EXERCISE GOAL =>
Exactly as they appear below, repeat the lines from the one with "Active color: b" through the one with "Best continuation: axb4", and no others.

DATA PROVIDED =>
--------------------------------------------------

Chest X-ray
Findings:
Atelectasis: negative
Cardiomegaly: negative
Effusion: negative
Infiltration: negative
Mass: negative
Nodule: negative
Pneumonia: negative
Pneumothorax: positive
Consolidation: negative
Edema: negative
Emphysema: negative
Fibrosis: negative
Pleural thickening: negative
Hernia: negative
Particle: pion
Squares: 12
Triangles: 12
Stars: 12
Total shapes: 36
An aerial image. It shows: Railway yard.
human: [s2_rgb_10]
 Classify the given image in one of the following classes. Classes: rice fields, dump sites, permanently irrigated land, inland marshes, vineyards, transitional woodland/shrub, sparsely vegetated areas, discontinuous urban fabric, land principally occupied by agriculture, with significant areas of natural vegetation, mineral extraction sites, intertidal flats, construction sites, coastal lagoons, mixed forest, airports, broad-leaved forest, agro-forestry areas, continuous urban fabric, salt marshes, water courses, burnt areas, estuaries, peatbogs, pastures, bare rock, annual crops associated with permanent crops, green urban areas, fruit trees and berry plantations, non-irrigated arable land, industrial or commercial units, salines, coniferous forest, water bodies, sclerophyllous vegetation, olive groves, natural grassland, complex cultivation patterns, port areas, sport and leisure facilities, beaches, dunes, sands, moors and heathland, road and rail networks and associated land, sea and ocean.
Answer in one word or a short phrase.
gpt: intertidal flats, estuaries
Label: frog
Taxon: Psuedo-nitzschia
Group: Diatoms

--------------------------------------------------

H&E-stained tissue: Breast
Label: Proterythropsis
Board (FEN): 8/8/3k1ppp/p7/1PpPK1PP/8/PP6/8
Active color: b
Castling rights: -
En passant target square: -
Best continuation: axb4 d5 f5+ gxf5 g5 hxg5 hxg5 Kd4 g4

--------------------------------------------------

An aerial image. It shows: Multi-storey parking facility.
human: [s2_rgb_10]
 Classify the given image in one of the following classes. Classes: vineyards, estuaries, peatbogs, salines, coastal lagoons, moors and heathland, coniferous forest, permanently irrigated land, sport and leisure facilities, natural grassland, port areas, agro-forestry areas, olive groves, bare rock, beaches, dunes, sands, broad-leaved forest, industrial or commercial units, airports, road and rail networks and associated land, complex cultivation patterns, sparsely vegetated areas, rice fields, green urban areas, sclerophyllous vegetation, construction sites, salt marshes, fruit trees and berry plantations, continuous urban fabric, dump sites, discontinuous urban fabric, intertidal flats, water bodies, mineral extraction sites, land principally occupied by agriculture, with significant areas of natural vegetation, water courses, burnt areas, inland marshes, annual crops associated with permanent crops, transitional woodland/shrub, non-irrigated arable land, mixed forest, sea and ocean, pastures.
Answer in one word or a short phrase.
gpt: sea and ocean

--------------------------------------------------

RESULT OF THIS EXERCISE =>
Active color: b
Castling rights: -
En passant target square: -
Best continuation: axb4 d5 f5+ gxf5 g5 hxg5 hxg5 Kd4 g4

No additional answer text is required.